◆ **Work to complete**:
Return every line of the data that contains the string "http".

◆ **The data**:
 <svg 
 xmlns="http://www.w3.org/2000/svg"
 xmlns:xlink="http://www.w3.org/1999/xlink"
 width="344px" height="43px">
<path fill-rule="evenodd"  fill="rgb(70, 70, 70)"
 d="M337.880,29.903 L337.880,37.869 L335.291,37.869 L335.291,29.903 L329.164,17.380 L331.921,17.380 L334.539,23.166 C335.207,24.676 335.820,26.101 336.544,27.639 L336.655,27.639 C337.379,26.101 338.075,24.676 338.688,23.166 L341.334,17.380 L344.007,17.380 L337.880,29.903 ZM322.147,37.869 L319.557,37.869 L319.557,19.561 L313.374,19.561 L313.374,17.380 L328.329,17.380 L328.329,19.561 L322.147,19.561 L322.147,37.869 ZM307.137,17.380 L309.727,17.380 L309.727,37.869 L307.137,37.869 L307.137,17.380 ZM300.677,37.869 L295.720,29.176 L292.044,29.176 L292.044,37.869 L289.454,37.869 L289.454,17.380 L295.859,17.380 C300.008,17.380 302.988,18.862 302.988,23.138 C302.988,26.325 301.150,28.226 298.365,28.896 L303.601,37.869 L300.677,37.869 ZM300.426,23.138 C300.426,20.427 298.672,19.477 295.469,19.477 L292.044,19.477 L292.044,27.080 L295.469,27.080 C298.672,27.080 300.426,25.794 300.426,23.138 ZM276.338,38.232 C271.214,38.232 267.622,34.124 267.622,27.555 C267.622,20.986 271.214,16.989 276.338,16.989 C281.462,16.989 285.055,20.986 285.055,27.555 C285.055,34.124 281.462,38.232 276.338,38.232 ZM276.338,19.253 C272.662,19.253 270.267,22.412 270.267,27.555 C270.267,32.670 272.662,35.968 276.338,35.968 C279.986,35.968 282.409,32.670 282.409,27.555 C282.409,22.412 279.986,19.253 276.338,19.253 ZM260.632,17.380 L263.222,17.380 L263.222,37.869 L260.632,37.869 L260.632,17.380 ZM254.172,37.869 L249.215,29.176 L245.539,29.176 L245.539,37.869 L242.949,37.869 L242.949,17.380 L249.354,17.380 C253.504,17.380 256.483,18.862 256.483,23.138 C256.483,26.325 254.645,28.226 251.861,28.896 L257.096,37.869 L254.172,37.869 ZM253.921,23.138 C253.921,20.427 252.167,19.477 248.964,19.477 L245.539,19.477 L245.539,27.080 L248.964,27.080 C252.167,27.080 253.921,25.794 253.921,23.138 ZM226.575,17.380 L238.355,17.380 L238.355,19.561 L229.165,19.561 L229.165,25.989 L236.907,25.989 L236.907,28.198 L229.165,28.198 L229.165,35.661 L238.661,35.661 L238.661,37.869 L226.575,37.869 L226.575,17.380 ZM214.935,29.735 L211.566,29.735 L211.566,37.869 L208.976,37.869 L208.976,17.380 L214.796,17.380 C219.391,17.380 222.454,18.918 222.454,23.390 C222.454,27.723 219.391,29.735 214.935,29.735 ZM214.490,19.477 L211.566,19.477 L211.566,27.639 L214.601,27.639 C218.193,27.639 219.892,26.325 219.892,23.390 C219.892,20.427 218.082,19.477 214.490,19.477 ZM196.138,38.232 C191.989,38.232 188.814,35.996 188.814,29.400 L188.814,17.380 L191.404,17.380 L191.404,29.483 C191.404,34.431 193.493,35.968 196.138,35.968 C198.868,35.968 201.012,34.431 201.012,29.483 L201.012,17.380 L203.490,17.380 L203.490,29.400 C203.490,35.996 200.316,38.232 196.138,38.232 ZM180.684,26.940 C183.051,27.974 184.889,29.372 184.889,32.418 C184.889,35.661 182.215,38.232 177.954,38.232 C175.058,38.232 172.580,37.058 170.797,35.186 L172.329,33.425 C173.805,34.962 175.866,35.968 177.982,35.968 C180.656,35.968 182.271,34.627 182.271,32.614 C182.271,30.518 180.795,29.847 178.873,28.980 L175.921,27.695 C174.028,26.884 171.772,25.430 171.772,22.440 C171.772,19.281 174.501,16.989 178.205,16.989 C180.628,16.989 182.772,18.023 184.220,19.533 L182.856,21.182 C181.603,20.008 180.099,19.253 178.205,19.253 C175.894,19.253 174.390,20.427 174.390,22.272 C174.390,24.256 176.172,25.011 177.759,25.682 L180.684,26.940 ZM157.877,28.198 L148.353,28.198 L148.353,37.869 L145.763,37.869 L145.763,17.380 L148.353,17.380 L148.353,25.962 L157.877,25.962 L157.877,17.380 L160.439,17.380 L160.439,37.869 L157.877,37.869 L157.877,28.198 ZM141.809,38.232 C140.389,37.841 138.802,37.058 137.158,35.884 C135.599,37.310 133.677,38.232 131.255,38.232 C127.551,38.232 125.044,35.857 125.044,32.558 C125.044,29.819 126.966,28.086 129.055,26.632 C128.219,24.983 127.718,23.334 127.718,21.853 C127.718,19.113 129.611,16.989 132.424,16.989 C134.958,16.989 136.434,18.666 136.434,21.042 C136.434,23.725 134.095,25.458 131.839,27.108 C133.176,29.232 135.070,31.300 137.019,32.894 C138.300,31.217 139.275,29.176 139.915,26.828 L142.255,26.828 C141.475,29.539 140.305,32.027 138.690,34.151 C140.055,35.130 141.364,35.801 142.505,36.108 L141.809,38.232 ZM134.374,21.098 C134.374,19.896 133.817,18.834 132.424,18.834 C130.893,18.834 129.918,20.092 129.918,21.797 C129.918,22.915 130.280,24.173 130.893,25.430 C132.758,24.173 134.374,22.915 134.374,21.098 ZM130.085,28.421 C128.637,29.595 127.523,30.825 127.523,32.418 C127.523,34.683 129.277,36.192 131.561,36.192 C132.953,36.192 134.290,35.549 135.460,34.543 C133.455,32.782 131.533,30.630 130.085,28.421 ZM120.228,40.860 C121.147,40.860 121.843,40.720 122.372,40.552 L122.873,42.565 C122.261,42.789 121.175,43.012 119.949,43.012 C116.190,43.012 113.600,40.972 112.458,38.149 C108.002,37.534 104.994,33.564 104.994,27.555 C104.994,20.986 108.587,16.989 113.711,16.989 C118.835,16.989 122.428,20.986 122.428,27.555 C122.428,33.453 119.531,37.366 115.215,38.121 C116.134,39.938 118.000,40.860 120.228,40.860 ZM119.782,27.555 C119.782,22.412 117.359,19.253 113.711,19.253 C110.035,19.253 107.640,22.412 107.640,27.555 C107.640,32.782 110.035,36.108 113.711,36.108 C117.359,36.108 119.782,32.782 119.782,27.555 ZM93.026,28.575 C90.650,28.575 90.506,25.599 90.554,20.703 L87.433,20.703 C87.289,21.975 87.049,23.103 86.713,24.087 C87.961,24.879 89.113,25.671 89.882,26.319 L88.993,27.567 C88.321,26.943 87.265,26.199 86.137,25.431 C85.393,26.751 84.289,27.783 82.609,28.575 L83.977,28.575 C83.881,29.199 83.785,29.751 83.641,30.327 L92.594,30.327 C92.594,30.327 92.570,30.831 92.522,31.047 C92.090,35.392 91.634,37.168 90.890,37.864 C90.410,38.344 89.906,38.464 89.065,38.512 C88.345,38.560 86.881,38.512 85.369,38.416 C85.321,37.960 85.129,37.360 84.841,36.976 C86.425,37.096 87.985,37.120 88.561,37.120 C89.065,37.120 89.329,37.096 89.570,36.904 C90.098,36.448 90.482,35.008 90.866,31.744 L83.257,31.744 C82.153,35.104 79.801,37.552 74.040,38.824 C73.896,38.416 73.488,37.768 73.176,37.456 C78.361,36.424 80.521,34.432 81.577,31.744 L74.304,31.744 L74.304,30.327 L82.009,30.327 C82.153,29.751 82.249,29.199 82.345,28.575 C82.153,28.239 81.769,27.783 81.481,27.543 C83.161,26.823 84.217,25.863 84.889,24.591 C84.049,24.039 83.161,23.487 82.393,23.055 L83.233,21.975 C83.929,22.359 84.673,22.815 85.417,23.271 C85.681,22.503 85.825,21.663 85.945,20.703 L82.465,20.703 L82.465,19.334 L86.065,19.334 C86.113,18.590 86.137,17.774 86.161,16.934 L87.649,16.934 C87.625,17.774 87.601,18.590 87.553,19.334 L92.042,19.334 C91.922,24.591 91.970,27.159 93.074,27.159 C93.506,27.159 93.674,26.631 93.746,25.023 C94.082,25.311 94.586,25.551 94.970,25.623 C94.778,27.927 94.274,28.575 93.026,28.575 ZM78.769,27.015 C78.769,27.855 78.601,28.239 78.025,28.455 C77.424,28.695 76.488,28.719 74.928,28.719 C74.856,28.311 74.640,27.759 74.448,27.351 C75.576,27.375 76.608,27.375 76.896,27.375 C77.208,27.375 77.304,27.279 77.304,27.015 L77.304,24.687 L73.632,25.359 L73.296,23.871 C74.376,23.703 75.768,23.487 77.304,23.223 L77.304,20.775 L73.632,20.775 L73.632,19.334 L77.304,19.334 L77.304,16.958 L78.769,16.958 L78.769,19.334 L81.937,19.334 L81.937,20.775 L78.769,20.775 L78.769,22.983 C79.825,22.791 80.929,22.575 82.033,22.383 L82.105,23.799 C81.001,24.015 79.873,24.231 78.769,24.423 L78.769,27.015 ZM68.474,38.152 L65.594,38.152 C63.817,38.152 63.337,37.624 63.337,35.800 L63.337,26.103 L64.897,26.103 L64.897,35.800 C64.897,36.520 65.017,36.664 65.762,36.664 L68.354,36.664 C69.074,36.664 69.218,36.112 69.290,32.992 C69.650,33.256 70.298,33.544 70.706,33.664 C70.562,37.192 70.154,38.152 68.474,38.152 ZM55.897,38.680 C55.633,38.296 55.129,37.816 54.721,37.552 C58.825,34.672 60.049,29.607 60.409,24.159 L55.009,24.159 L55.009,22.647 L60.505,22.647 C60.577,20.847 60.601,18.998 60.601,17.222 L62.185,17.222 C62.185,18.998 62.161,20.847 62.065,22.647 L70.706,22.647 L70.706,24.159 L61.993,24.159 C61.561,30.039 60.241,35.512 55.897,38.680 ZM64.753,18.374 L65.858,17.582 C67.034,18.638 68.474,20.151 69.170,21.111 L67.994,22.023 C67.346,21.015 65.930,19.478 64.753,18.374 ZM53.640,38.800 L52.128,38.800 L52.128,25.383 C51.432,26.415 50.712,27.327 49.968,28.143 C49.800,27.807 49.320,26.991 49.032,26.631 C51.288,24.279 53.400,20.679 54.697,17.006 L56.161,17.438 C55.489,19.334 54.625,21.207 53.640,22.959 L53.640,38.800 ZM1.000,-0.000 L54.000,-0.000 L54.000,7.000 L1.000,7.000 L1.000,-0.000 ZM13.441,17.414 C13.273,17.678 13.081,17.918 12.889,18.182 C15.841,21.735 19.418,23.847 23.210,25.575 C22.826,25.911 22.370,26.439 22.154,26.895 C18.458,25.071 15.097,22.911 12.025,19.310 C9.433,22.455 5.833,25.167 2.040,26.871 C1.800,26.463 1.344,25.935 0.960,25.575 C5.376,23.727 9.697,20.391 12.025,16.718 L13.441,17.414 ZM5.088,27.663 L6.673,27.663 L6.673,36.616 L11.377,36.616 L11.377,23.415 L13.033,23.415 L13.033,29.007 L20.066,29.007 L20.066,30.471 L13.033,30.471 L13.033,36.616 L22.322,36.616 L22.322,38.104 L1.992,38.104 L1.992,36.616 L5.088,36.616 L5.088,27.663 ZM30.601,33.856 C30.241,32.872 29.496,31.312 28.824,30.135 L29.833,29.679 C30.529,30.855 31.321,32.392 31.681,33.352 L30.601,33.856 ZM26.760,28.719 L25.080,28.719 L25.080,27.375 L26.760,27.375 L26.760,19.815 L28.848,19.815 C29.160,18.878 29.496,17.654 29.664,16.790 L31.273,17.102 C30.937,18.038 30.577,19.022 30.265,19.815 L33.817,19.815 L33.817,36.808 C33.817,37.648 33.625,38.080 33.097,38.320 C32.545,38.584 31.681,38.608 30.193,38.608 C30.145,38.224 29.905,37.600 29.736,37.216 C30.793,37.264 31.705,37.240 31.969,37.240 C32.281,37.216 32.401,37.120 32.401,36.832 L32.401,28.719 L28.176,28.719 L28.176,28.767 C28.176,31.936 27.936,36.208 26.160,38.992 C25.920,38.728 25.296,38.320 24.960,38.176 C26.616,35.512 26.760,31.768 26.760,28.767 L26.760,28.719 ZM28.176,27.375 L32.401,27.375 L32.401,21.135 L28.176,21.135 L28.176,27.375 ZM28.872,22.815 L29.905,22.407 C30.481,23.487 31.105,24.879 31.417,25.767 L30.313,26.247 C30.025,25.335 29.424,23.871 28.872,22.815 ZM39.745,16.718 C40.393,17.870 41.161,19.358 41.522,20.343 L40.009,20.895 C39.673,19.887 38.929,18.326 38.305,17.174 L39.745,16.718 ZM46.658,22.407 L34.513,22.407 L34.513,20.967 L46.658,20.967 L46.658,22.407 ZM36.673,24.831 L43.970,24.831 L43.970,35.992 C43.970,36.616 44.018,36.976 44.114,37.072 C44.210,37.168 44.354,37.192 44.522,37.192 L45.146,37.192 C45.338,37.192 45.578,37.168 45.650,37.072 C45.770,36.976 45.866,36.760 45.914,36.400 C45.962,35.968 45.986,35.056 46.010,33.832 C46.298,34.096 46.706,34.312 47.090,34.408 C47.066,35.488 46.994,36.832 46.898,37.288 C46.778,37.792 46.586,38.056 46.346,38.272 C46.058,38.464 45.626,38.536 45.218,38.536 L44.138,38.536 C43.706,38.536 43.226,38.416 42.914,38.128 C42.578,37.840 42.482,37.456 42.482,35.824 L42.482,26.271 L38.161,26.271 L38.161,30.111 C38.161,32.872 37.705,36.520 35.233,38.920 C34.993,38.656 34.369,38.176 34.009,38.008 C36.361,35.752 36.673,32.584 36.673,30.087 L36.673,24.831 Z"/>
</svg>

◆ **Problem solution**:
 xmlns="http://www.w3.org/2000/svg"
 xmlns:xlink="http://www.w3.org/1999/xlink"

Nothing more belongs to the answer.